MTC's power feedthrus utilize ceramic-to-metal seal assembly technology that offers superior reliability and durability to OEM laser tube applications. The power feedthrus are constructed using a high purity 95% Alumina (Al203) ceramic insulator that is mechanically strong and has high dielectric strength. The metal components are precisely manufactured from materials that best meet the performance requirements of the customer's specific application, as well as the materials' thermal compatibility with the manufacturing process.

MTC manufactures power feedthrus using high temperature brazed materials that can withstand temperatures of 960°C and higher, enabling the component to reliably survive subsequent brazing operations.
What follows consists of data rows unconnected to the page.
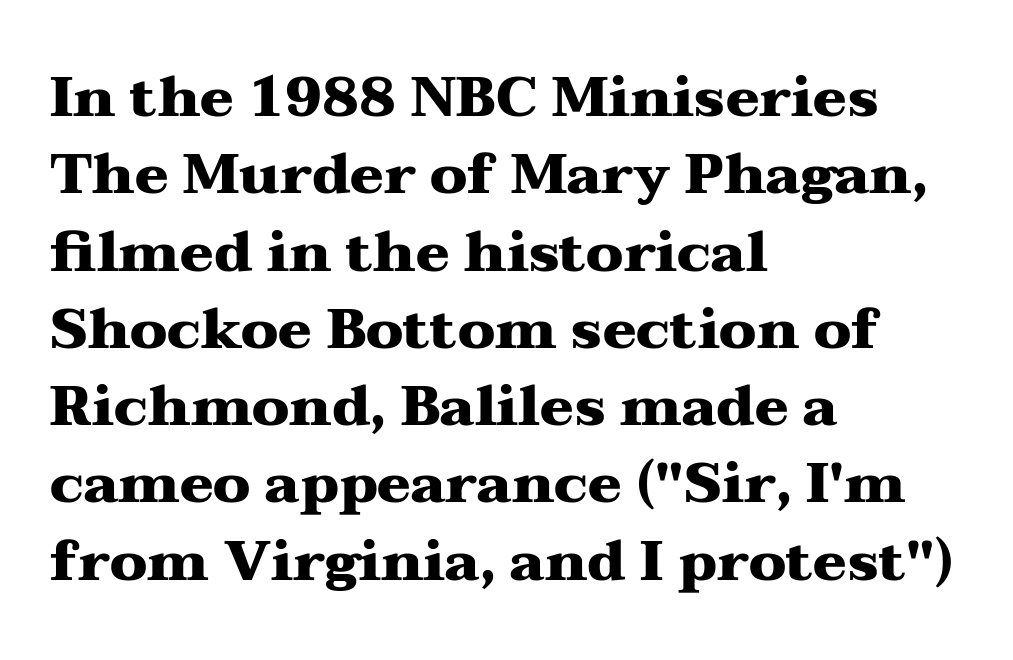
In terms of letterspacing, this is plain default setting. Each letter's strokes conclude with small projecting serifs. The letters advance in unequal steps, a hallmark of proportional type. Glance below the letters and you will spot only blank space. Line beginnings align vertically; line endings do not. Italic: no, the glyphs are upright roman.
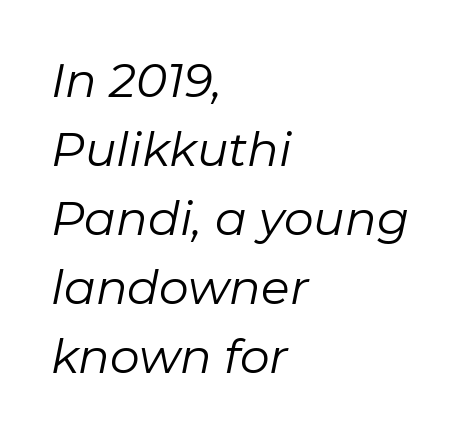
What stands out about the letter spacing? Nothing — it is the standard amount. Caption: multi-line text, flush left, ragged right. Letters have the restrained weight of plain body copy at most. Italic: yes, the glyphs are oblique.
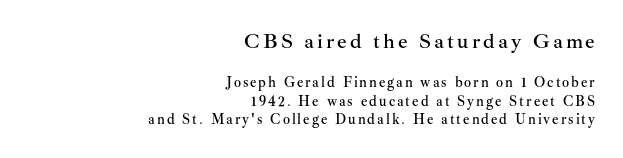
{"italic": "no", "underline": "no", "align": "right", "line_spacing": "normal", "line_spacing_ratio": 1.34, "larger_block": "first", "size_ratio": 1.5, "glyph_px": 21}
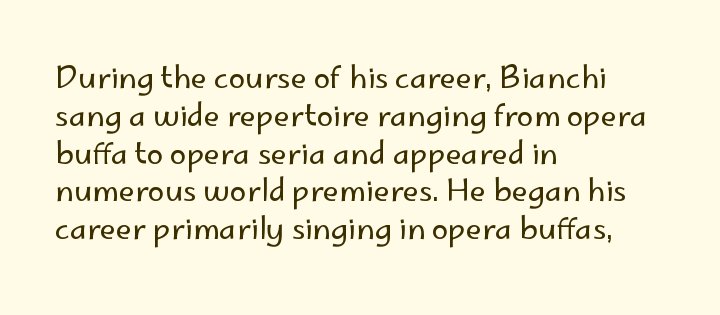
Students, observe: this is what conventionally led text looks like. Only glyphs here, with clear space below each row. Unbolded letterforms with no extra heft. When letters stand straight like this, we call the style roman or upright. Observe the absence of serifs on each vertical stroke in this sample. The rendering uses natural spacing where letterforms have individual widths.
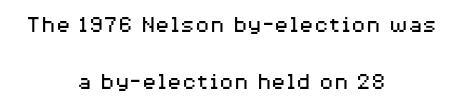
The image shows 24 px text type, upright; set centered, loose line spacing (2.39x), normal letter spacing, not underlined.
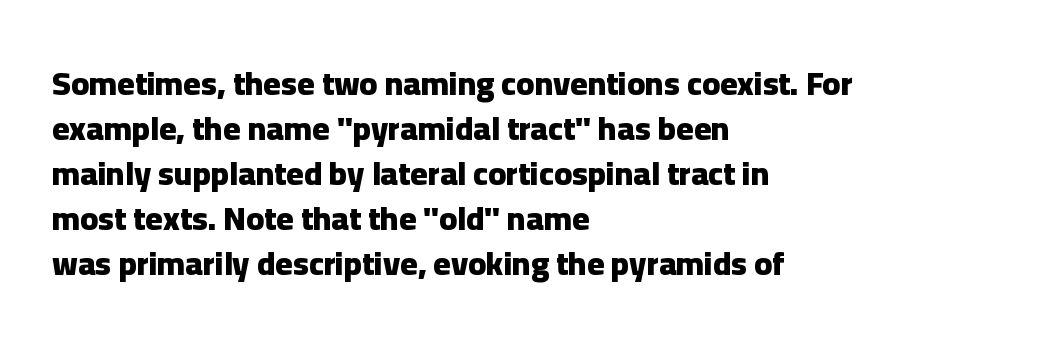
Q: Is the text bold? A: Yes.
Q: Is the text italic (slanted)? A: No, it is upright.
Q: Is the typeface a serif or a sans-serif typeface? A: Sans-serif.
Q: Is the text underlined? A: No.
Q: How is the paragraph aligned? A: Left-aligned.
Q: Is the spacing between letters normal or unusually wide? A: Normal.
Q: Is the spacing between lines tight, normal or loose? A: Normal.
Q: Width (condensed, normal, or wide)? A: Normal.
Q: Stroke contrast? A: Low.
Q: x-height? A: Medium.
Q: Monospaced? A: No.

Additionally, all feedthrus are 100% leak-tested with helium to ensure an exceptional hermetic seal.

MTC's ceramic reflectors, manufactured from Sintox AL Alumina, a high purity (99.7%, Al203) porous material, bring high reflectivity and efficiency to solid-state lasers, flash lamps and laser diodes. These reflectors work particularly well for lasers utilizing Ruby (wavelength of 694 nm) and Nd:YAG (wavelength of 1064 nm) crystals, as well as for IPL systems.

Independent tests on Sintox AL Alumina have shown reflectance figures in excess of 96% (typically 97-98%) over the 500 nm to 2000 nm wavelengths. The material provides a highly diffuse reflectance, behaving as a bulk reflector of the source radiation by both reflecting and refracting light back into the laser's pumping cavity.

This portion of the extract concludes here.